The question is: if you've got a fixed amount of money, what's the best thing to do with it? Is it to give Gina Rinehart more handouts, which is what the government did, with Labor support, when they passed their tax-cuts-for-millionaires package, or is to ask those big corporations and billionaires to stop dodging tax and pay their fair share so that we can get dental into Medicare, put a roof over everybody's head and make education free again? That is how we give our young people real freedom. That is how we give them the opportunity to grow and come out of this pandemic with a secure job and a good education. At the moment the future for young people looks pretty bleak. They're facing a climate crisis, which this government is intent on making worse.

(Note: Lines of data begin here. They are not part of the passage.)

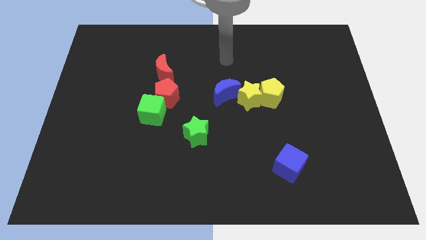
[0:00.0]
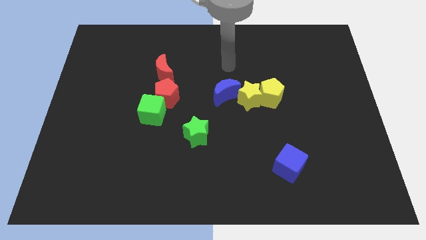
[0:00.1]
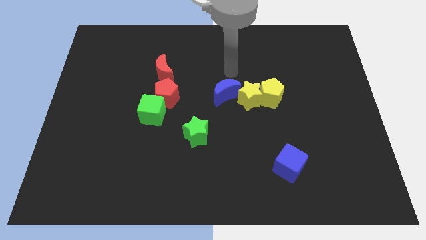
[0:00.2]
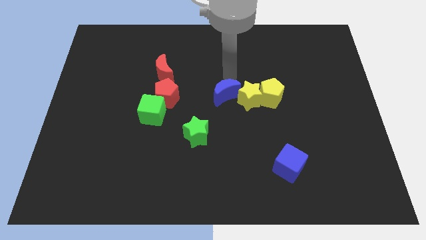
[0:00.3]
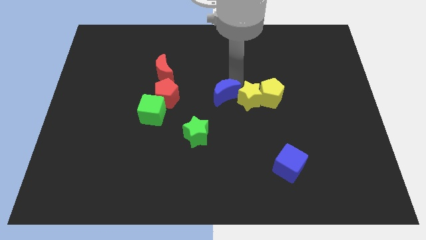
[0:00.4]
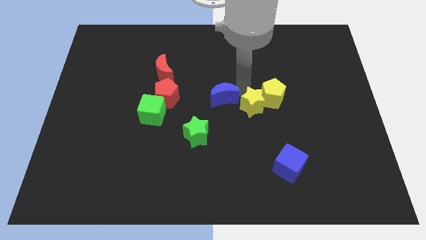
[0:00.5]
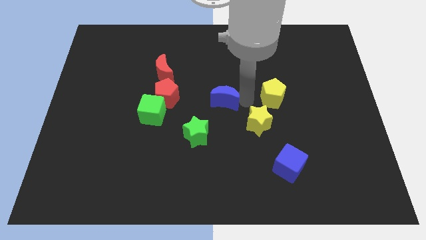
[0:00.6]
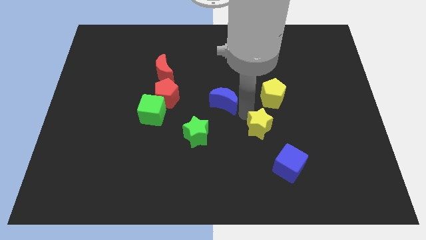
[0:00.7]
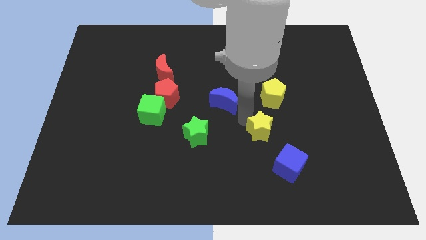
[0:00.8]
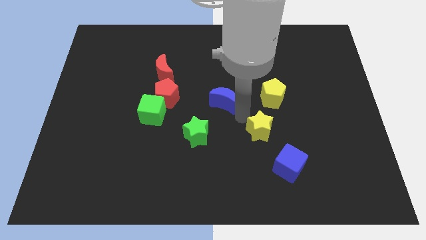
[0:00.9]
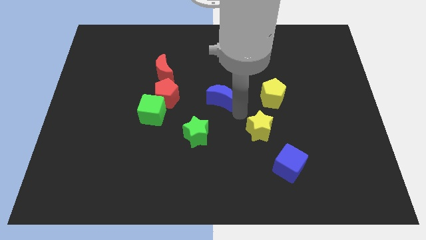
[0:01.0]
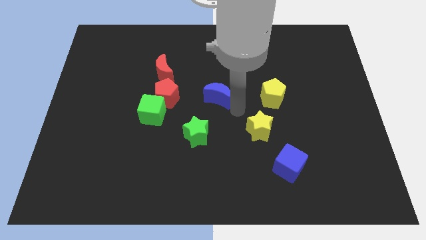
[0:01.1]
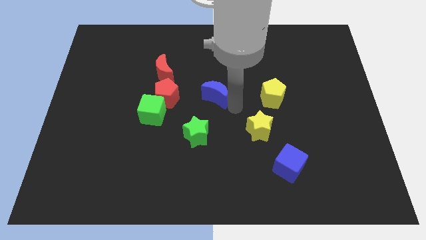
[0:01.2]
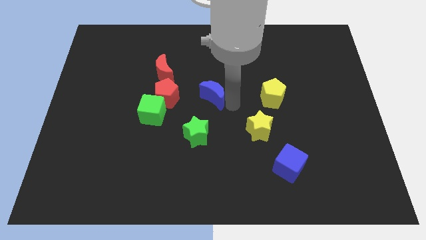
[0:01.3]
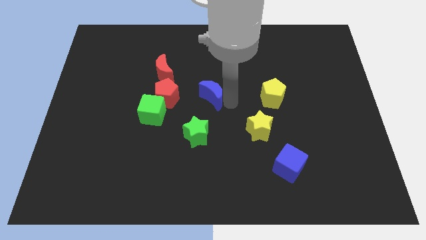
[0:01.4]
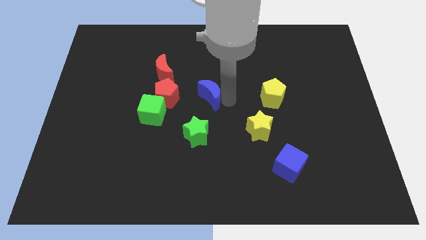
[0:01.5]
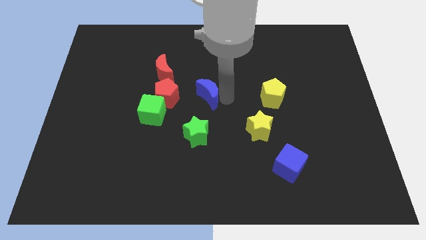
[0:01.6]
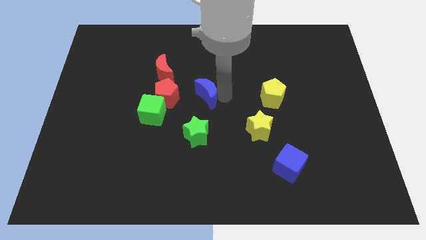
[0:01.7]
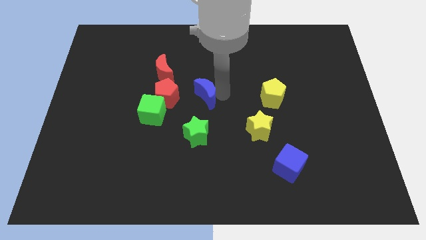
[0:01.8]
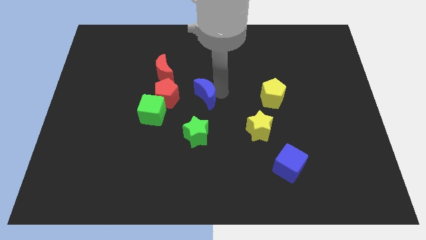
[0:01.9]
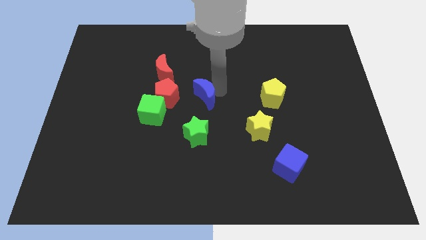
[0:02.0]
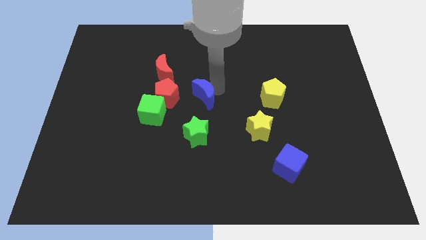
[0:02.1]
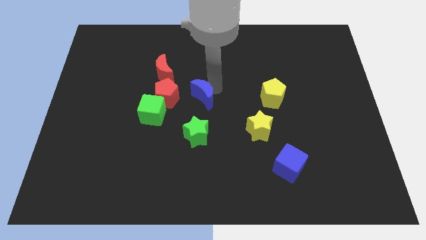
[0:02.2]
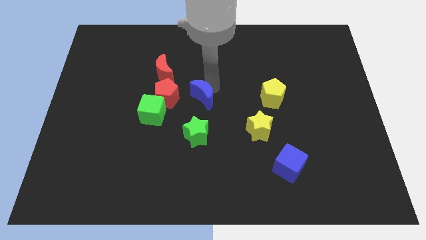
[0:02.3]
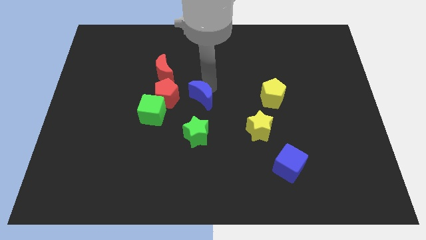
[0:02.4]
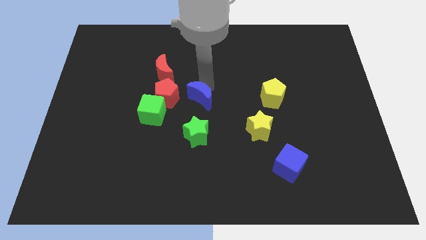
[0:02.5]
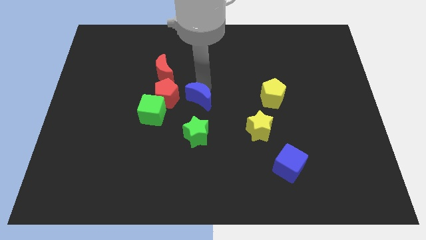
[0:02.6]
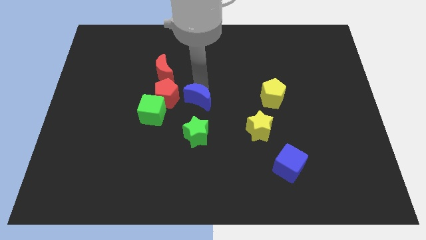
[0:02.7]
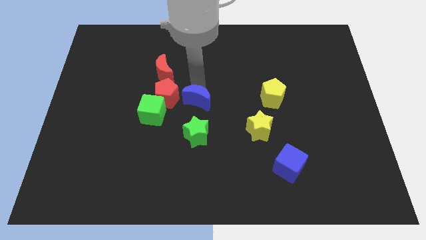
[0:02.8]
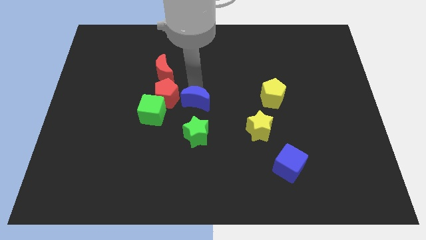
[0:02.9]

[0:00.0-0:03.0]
slightly move the blue moon to the left

They can't get into the housing market, because this government is giving billions of dollars in tax breaks to people who already own two or three houses, and that's pushing up prices. If you're a young person at the moment, you graduate into a world of insecure work and unaffordable housing, with a bigger debt around your neck because the government has made it more extensive to go to university. If you're a young person at the moment, you try to do what the government tells you is the right thing and you come out into a very harsh world of insecure work, unaffordable housing, a climate crisis and high debt from going to university. We could fix all of that if we just had the guts to stand up to the big corporations who pay no tax and make them pay their fair share, to stand up to the billionaires and say, 'It's time you paid your fair share of tax as well.'

While two million people now find themselves without a job or without enough hours of work, the billionaires in this country actually increased their wealth during the course of this pandemic. Not only did one in three big corporations continue to pay no tax, but the government actually gave many of them handouts. The big corporations got handouts in the form of JobKeeper, and they're going to get them with the JobMaker hiring credits as well. During this pandemic, inequality has increased. That has been the deliberate design of the government. Part of that design has been the attack on higher education. We've got to reverse it, and we can reverse it. Stand up. Make the big corporations and the billionaires pay their free share of tax. Let's have free education, put a roof over everybody's head and make sure that no-one in this country lives in poverty.